I'm pro-Israeli, but I'm calling my representatives in Congress and will start boycotting to exercise my civil rights so that I don't lose them.

Alison

This law, if actually passed, would be outrageous. It seems similar to the anti-protest legislation that started cropping up in January. I hope the ACLU fights this tooth and nail.

Anonymous

Boycotting Jews for defending themselves against 97 years of Islamic terrorism isn't outrageous?

Anonymous

That would be outrageous too, but that's not what the BDS movement is doing. It's beside the point, anyway: one is allowed to participate in even outrageous political speech in the US.

Anonymous

@anonymous "Boycotting Jews for defending themselves against 97 years of Islamic terrorism isn't outrageous?" You need to learn some history, it's more like: Palestinians trying to survive 97 years of colonization by people convinced an invisible man in the sky promised the land to them. Colonization continues to this day in the West Bank and Jerusalem. Israel is a country founded by terrorists, google Menachim Begin, Ben Gurion, etc. and find out for yourself. The Gaza strip is a modern day Warsaw ghetto, for people so quick to bring up the holocaust they should be ashamed. But the Talmud teaches goyim are animals so I guess that makes it OK.

AnonymousCanadian

It aslo protects the right to protest Islam, Jihad, terrorist, democrats, liberals, and Palestine

Anonymous

The ACLU is incorrect. The Constitution specifically gives Congress the power to regulate commerce. It has the power to penalize individuals who attempt to obstruct interstate and international commerce (which is the intent of these malicious boycotts) and to prohibit such activities by states, counties, municipalities, and corporations.
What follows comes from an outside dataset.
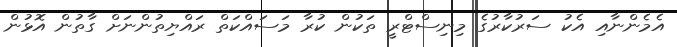
އެމެންނާއި އެކު ސަރުކާރުގެ މިނިސްޓްރީ ތަކުން ކުރާ މަސައްކަތް ރައްޔިތުންނަށް ގާތުން އޮޅުން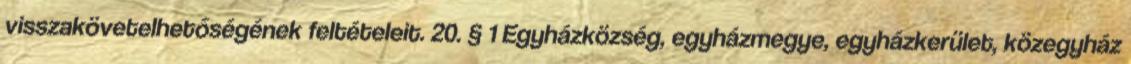
visszakövetelhetőségének feltételeit. 20. § 1 Egyházközség, egyházmegye, egyházkerület, közegyház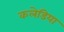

In this case, Congress is also doing good by prohibiting thinly disguised anti-Semitism and by preventing activities which would harm our fight against Palestinian terrorism.

The ACLU is on the wrong side of this issue. It should oppose the resurgence of anti-Semitism in this country and should also oppose attempts to aid the Palestinian terrorists.

Anonymous Too

Sad when Jewish folk use accusations of anti-Semitism to thwart criticism of Israel's mistreatment of Palestinian citizens. Not trying to minimize the real attacks on Israel by militants, but pressing down so hard on all Palestinians is not humane. Also, this default anti-Semitism accusation for any criticism of Israel unfairly places critics into the same camp as neo-nazi scumbags. Many of us who think the heavy-handed Israeli approach toward all Palestinians is too much are the same ones who will stand by your side if you are attacked. Don't marginalize us.

Anonymous

And who says I'm Jewish? I merely have great respect for -- no, I am in awe of -- Israel's perseverence in the face of constant harassment by terrorists on their borders and terrorist sympathizers here in the US.